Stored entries
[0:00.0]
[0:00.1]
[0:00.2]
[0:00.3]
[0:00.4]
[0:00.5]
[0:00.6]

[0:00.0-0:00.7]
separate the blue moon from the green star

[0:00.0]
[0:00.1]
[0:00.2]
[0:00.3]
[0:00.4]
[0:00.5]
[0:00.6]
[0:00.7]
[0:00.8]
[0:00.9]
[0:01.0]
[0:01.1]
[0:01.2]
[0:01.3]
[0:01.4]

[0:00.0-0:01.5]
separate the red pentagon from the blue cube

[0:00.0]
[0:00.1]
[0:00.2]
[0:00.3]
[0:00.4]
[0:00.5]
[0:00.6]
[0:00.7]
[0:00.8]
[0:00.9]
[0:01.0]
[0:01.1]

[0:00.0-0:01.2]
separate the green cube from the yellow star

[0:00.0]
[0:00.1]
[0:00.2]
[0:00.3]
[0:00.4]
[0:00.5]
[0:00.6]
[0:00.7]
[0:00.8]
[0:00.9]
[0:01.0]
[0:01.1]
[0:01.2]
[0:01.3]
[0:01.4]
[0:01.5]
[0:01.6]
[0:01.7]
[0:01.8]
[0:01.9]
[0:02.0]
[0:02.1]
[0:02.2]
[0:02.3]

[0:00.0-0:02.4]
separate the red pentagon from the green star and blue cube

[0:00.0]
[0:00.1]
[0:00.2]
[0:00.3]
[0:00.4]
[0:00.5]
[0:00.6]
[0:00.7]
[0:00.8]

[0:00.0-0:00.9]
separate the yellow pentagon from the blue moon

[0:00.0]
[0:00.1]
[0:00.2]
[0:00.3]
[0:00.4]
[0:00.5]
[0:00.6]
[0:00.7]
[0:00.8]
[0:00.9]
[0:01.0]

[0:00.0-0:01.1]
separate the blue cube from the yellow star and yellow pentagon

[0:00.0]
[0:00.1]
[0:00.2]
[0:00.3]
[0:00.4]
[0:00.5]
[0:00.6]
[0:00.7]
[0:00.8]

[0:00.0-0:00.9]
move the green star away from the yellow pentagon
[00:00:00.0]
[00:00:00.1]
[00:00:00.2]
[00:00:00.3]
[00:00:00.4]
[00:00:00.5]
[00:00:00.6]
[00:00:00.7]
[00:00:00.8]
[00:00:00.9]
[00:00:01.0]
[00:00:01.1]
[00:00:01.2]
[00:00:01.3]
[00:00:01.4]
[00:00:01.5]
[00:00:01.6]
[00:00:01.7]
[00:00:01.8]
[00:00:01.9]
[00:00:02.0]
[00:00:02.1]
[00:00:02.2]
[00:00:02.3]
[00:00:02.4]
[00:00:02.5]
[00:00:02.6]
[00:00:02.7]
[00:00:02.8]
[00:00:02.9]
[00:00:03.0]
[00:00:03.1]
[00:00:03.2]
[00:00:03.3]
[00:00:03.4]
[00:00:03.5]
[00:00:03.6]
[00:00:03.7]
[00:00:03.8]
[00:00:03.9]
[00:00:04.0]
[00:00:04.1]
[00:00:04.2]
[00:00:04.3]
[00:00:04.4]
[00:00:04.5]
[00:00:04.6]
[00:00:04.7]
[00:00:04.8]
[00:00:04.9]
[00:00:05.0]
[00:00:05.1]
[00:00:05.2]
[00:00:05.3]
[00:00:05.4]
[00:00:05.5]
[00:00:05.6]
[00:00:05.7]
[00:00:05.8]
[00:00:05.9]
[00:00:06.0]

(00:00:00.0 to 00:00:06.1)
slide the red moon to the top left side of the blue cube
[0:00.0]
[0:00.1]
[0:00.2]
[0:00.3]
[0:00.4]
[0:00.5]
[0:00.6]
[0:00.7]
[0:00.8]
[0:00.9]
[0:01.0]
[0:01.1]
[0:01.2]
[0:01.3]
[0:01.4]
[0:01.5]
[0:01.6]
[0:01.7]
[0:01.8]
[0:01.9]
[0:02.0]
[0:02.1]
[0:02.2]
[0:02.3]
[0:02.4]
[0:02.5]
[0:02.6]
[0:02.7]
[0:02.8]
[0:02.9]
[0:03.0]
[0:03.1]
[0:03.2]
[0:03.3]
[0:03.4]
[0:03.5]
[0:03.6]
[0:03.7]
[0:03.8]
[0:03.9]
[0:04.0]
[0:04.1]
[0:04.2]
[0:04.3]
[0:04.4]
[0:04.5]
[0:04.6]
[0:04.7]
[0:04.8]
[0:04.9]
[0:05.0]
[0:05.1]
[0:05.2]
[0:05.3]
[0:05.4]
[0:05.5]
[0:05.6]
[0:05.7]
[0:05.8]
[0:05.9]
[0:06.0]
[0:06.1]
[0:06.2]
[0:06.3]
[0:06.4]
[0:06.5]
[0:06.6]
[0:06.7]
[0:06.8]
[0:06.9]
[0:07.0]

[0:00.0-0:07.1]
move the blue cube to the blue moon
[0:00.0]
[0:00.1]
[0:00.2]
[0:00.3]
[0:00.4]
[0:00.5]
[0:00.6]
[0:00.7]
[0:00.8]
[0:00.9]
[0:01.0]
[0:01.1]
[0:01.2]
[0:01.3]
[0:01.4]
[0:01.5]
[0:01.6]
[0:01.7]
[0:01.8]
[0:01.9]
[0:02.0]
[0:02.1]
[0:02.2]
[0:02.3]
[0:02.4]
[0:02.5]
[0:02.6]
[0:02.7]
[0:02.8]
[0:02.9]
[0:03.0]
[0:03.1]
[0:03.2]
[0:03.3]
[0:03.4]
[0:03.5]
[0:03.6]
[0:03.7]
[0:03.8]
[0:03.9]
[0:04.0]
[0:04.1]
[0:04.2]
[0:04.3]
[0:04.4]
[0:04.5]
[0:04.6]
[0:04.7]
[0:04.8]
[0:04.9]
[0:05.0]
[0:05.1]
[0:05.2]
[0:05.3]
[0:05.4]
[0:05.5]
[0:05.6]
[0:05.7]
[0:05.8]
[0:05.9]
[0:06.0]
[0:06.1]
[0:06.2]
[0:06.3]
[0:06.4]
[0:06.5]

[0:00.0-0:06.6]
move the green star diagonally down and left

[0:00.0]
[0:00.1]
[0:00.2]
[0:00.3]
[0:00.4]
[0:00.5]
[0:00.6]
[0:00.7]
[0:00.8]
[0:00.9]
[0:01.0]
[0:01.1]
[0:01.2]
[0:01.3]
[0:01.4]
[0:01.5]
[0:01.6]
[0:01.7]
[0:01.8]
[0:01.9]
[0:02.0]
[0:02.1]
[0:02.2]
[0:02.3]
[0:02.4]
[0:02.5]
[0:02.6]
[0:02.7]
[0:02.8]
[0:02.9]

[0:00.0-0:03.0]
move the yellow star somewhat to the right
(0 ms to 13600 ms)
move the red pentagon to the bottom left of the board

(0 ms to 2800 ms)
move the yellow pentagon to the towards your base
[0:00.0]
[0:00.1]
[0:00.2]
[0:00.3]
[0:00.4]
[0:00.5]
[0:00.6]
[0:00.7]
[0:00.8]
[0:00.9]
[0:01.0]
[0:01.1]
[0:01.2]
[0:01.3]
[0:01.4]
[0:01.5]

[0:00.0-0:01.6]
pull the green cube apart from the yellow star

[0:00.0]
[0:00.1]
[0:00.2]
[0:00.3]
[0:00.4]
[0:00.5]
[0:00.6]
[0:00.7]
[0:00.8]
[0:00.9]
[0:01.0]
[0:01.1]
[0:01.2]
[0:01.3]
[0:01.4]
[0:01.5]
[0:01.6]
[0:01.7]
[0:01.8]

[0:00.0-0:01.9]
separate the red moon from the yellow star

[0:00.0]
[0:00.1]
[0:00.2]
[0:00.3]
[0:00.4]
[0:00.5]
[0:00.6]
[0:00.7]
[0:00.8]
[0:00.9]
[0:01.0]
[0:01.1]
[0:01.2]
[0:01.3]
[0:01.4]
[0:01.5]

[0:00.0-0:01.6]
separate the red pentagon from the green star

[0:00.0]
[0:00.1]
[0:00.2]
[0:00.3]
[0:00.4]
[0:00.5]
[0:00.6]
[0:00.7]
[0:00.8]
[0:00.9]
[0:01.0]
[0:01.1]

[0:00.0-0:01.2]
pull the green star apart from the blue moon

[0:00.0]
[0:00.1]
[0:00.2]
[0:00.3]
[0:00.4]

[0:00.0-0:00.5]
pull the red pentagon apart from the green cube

EXERCISE DETAILS: Start with the line above that contains "[00:00:00.1]" and stop after the line that contains "[00:00:02.7]". Output those lines exactly, and only those.

EXERCISE RESPONSE:
[00:00:00.1]
[00:00:00.2]
[00:00:00.3]
[00:00:00.4]
[00:00:00.5]
[00:00:00.6]
[00:00:00.7]
[00:00:00.8]
[00:00:00.9]
[00:00:01.0]
[00:00:01.1]
[00:00:01.2]
[00:00:01.3]
[00:00:01.4]
[00:00:01.5]
[00:00:01.6]
[00:00:01.7]
[00:00:01.8]
[00:00:01.9]
[00:00:02.0]
[00:00:02.1]
[00:00:02.2]
[00:00:02.3]
[00:00:02.4]
[00:00:02.5]
[00:00:02.6]
[00:00:02.7]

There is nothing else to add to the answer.